Retype every line of the data below, starting with the first and ending with the line that contains "އެތެރެކޮށް ގެންގުޅުމުގެ ތުހުމަތުގައި", but leave out the pictures.

--- EXTRACTED MATERIAL ---

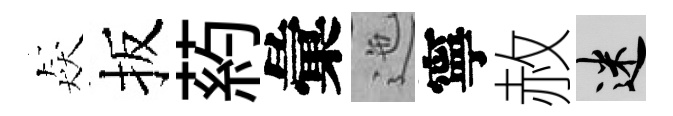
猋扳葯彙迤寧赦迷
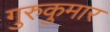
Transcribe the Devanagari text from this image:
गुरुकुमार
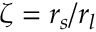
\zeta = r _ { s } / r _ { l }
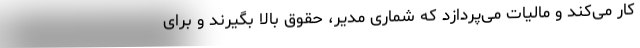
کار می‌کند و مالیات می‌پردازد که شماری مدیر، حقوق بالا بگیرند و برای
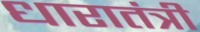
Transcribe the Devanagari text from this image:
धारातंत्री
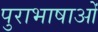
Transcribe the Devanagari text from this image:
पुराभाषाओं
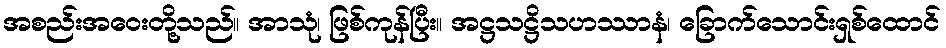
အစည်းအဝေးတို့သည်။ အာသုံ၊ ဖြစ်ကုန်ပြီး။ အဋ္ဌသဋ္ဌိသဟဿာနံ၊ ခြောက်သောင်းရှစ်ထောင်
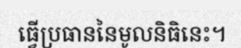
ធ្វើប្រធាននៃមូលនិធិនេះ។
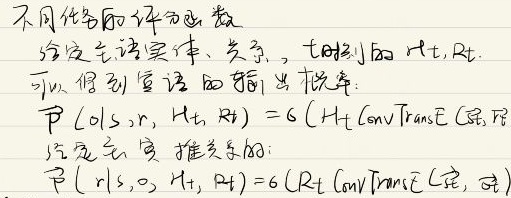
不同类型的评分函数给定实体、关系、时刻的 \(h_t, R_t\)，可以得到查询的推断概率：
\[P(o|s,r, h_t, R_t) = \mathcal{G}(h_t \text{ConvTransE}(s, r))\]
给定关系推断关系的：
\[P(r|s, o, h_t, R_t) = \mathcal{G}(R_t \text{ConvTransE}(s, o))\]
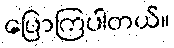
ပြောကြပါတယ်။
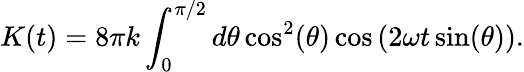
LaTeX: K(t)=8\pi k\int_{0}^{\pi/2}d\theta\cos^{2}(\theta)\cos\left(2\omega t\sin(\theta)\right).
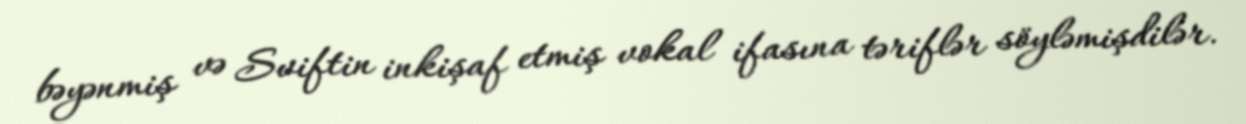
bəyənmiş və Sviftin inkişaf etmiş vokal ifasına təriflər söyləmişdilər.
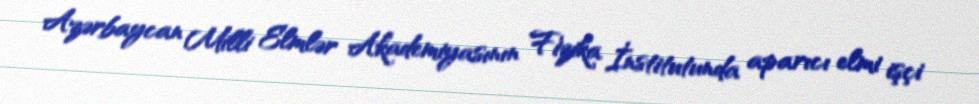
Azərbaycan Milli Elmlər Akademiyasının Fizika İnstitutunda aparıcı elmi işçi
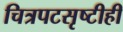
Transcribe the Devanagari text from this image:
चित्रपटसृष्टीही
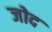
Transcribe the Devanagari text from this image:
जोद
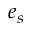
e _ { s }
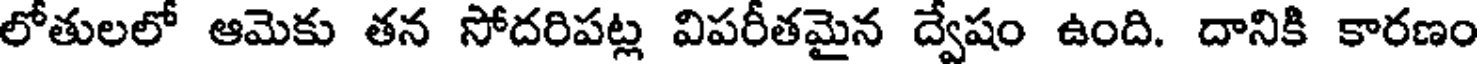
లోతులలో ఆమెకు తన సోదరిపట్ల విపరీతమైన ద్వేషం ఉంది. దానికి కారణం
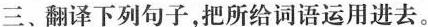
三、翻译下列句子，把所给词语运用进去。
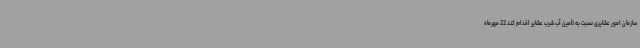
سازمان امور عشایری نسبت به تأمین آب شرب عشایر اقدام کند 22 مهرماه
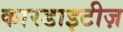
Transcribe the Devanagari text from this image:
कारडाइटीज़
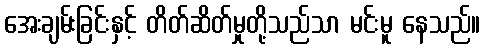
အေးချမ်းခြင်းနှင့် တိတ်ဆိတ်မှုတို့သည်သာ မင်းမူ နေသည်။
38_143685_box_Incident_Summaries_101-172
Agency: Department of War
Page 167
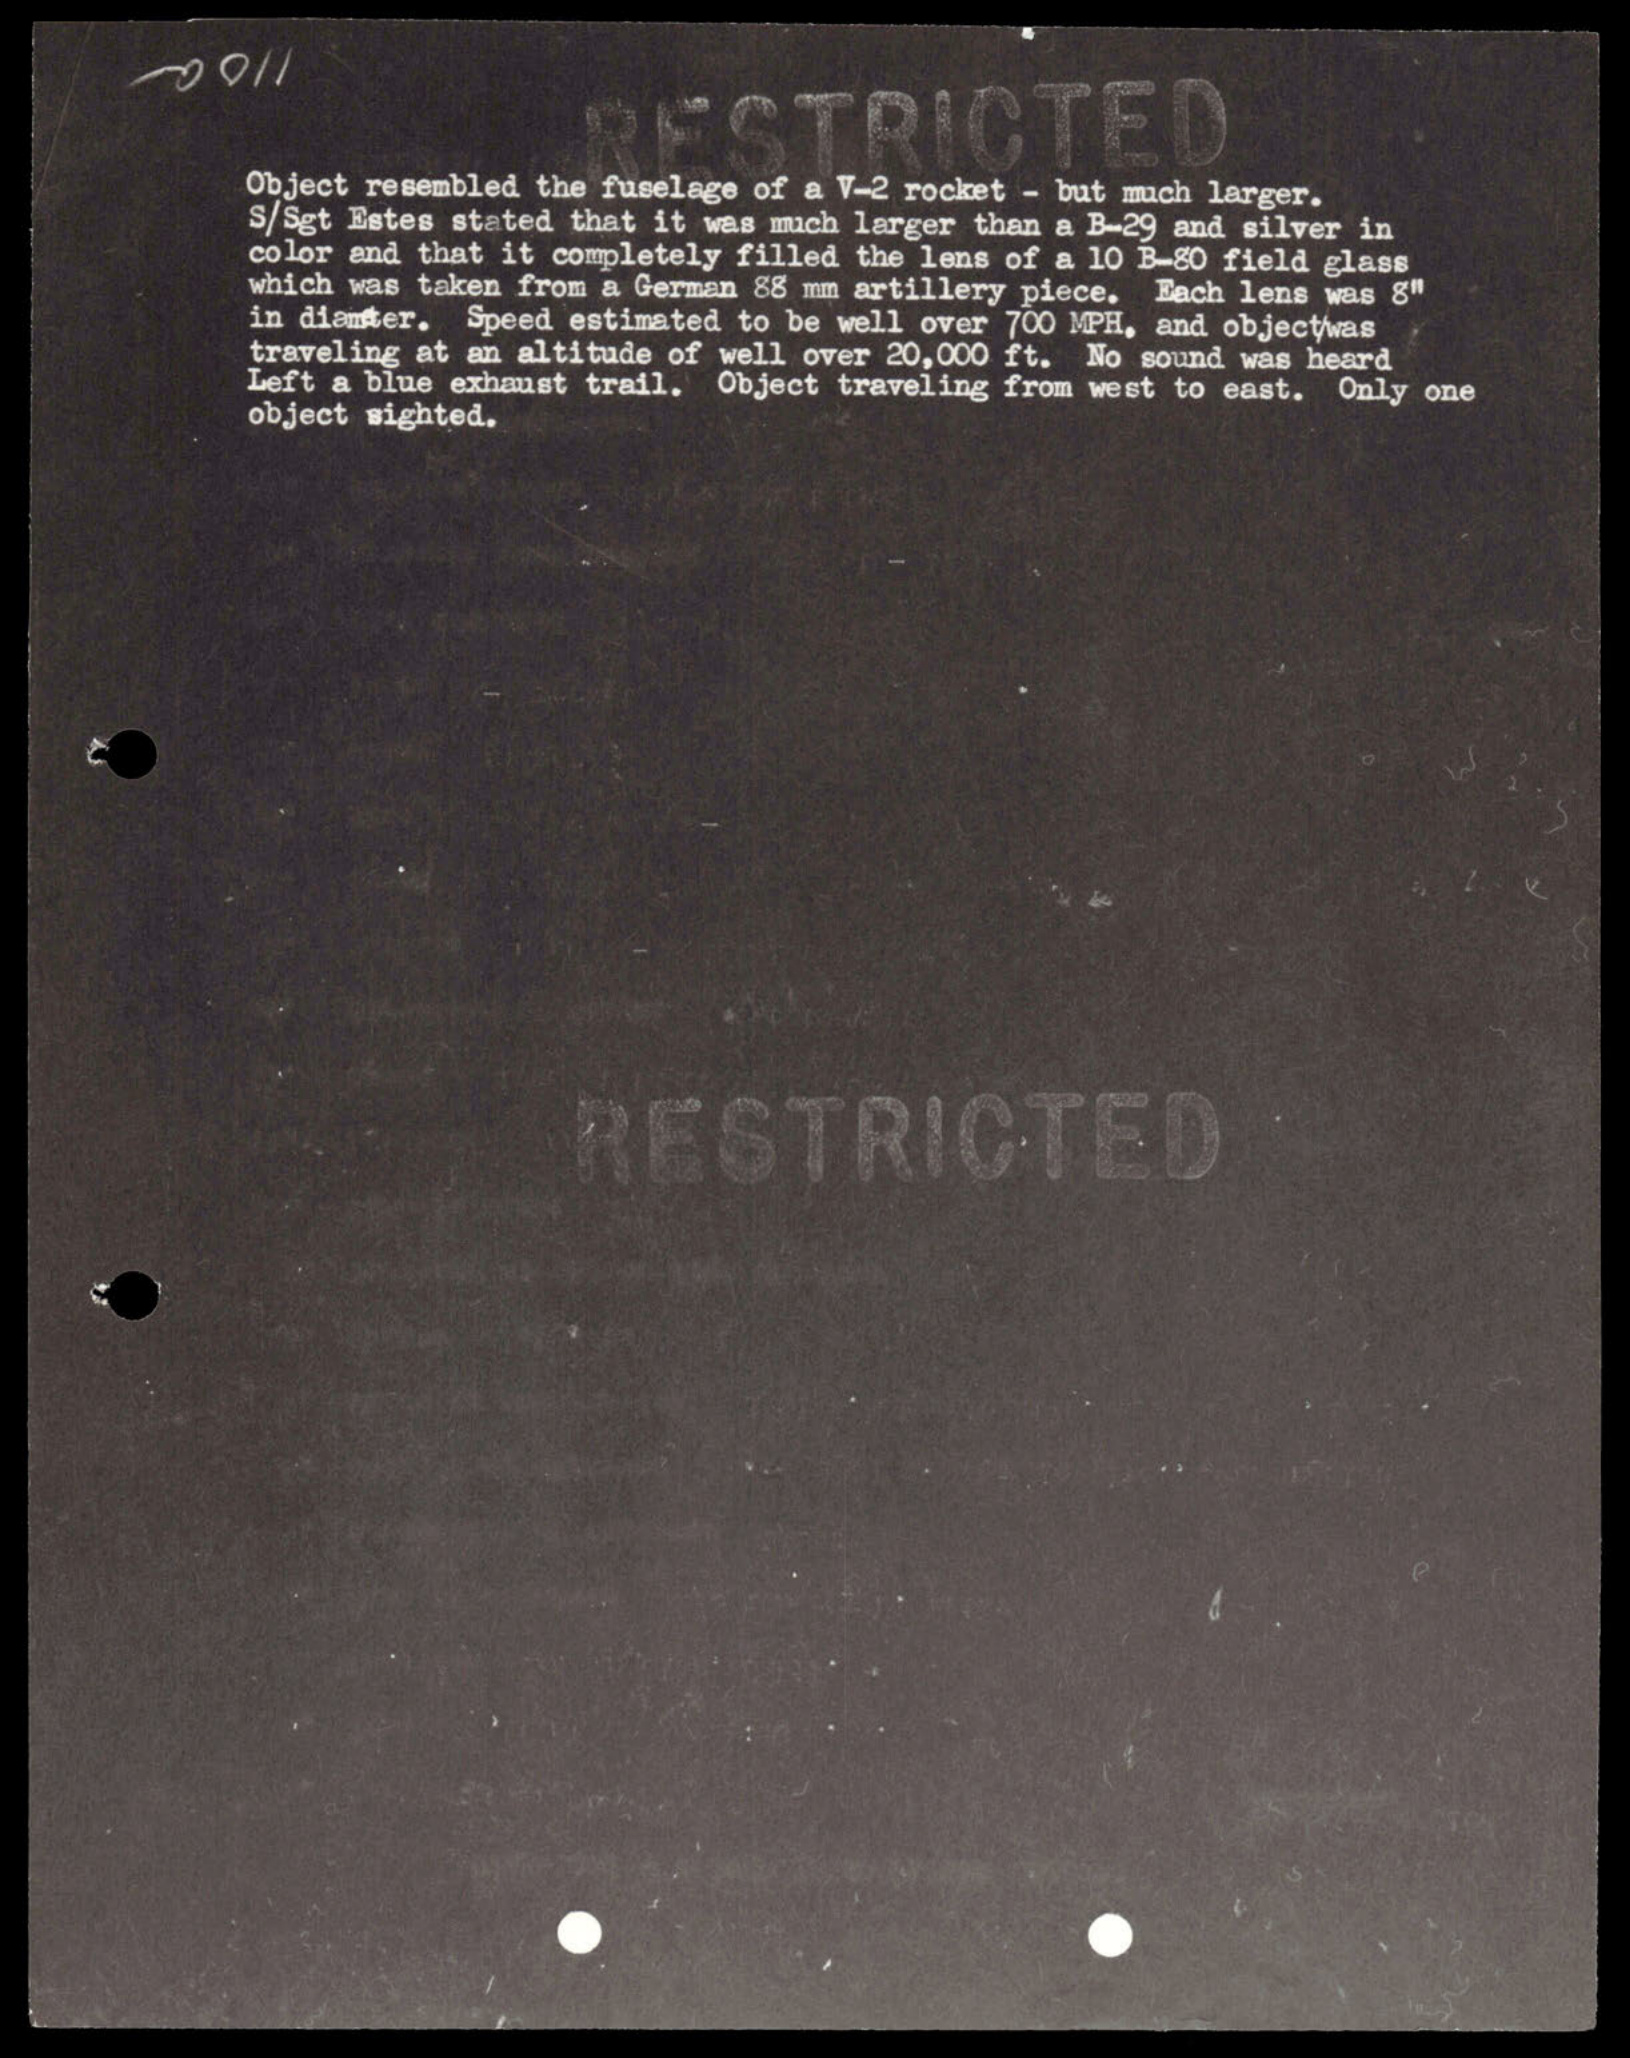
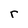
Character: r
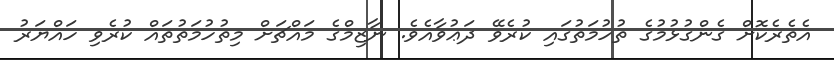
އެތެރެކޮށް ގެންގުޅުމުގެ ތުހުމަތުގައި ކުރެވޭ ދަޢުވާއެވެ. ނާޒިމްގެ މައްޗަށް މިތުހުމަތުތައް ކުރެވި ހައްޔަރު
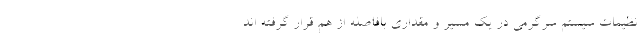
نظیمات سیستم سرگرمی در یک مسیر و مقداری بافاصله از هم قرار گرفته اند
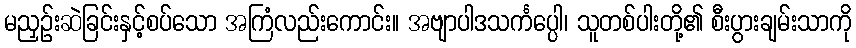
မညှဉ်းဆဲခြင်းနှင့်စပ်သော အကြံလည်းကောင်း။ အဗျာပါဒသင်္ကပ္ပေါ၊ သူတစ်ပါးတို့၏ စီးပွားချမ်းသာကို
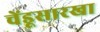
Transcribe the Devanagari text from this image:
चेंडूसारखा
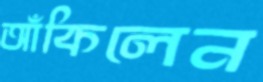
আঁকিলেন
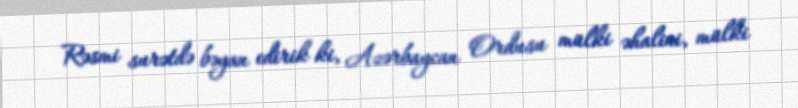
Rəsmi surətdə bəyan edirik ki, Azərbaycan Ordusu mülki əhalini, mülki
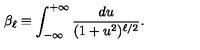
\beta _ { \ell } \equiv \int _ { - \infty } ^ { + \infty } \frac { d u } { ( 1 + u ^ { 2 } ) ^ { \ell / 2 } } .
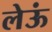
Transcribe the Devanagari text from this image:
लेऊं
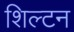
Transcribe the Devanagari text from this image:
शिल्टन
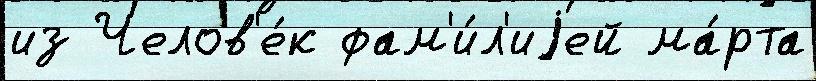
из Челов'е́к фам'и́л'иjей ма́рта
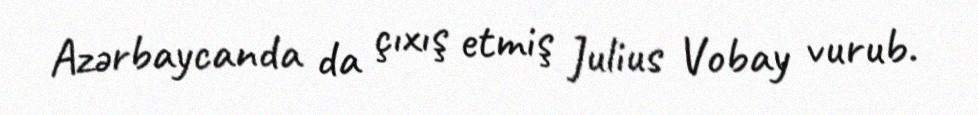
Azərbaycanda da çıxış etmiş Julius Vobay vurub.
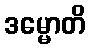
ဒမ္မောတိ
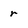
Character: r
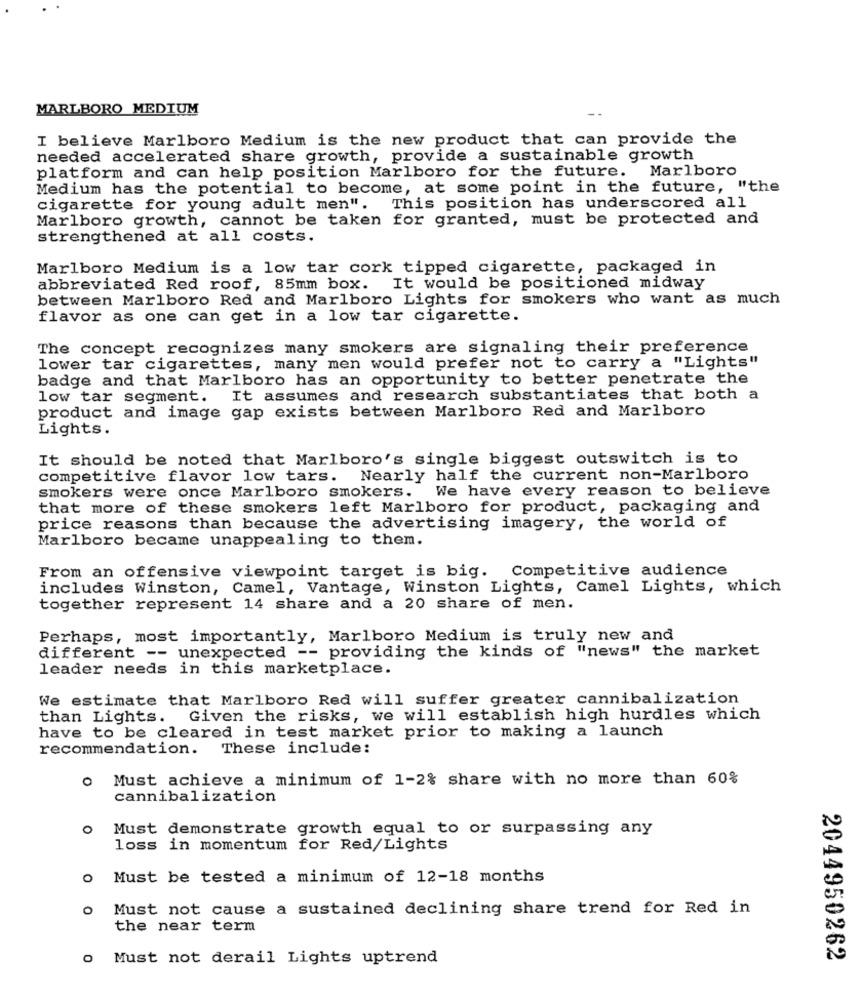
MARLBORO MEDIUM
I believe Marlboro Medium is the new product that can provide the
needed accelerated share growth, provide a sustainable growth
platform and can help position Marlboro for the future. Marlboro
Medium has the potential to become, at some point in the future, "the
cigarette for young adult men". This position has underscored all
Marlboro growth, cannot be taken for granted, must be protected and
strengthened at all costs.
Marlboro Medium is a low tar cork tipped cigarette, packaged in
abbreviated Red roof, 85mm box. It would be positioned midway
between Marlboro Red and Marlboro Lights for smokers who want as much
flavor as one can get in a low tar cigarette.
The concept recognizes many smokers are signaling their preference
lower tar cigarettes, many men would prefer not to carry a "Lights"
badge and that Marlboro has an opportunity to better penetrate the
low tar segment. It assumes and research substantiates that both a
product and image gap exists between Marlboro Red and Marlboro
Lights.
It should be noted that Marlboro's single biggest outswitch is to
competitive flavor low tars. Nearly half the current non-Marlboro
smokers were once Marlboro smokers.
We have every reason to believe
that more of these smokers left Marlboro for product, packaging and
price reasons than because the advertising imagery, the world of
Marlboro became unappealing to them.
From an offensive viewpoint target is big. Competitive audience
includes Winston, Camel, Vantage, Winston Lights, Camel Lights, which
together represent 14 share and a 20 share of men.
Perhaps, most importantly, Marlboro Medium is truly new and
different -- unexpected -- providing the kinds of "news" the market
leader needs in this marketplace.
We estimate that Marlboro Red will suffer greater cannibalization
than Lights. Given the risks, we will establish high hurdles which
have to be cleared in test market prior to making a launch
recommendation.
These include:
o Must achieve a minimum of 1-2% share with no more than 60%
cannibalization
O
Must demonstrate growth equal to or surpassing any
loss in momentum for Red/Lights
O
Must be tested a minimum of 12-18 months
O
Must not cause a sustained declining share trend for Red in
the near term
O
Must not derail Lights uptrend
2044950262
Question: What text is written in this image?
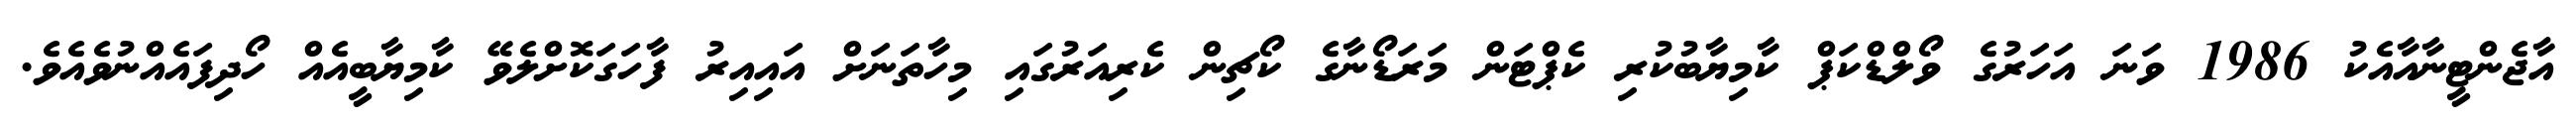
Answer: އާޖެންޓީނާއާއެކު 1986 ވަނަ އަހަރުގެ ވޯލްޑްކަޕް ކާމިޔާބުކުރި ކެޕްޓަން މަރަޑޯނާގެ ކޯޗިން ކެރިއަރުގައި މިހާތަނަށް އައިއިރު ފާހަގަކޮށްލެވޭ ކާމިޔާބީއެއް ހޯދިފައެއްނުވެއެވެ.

---

SOLUTION BELOW:
猋扳葯彙迤寧赦迷
Transcribe the Devanagari text from this image:
गुरुकुमार
\zeta = r _ { s } / r _ { l }
کار می‌کند و مالیات می‌پردازد که شماری مدیر، حقوق بالا بگیرند و برای
Transcribe the Devanagari text from this image:
धारातंत्री
Transcribe the Devanagari text from this image:
पुराभाषाओं
အစည်းအဝေးတို့သည်။ အာသုံ၊ ဖြစ်ကုန်ပြီး။ အဋ္ဌသဋ္ဌိသဟဿာနံ၊ ခြောက်သောင်းရှစ်ထောင်
ធ្វើប្រធាននៃមូលនិធិនេះ។
不同类型的评分函数给定实体、关系、时刻的 \(h_t, R_t\)，可以得到查询的推断概率：
\[P(o|s,r, h_t, R_t) = \mathcal{G}(h_t \text{ConvTransE}(s, r))\]
给定关系推断关系的：
\[P(r|s, o, h_t, R_t) = \mathcal{G}(R_t \text{ConvTransE}(s, o))\]
ပြောကြပါတယ်။
LaTeX: K(t)=8\pi k\int_{0}^{\pi/2}d\theta\cos^{2}(\theta)\cos\left(2\omega t\sin(\theta)\right).
bəyənmiş və Sviftin inkişaf etmiş vokal ifasına təriflər söyləmişdilər.
Azərbaycan Milli Elmlər Akademiyasının Fizika İnstitutunda aparıcı elmi işçi
Transcribe the Devanagari text from this image:
चित्रपटसृष्टीही
Transcribe the Devanagari text from this image:
जोद
e _ { s }
లోతులలో ఆమెకు తన సోదరిపట్ల విపరీతమైన ద్వేషం ఉంది. దానికి కారణం
三、翻译下列句子，把所给词语运用进去。
سازمان امور عشایری نسبت به تأمین آب شرب عشایر اقدام کند 22 مهرماه
Transcribe the Devanagari text from this image:
कारडाइटीज़
အေးချမ်းခြင်းနှင့် တိတ်ဆိတ်မှုတို့သည်သာ မင်းမူ နေသည်။
38_143685_box_Incident_Summaries_101-172
Agency: Department of War
Page 167
Character: r
އެތެރެކޮށް ގެންގުޅުމުގެ ތުހުމަތުގައި ކުރެވޭ ދަޢުވާއެވެ. ނާޒިމްގެ މައްޗަށް މިތުހުމަތުތައް ކުރެވި ހައްޔަރު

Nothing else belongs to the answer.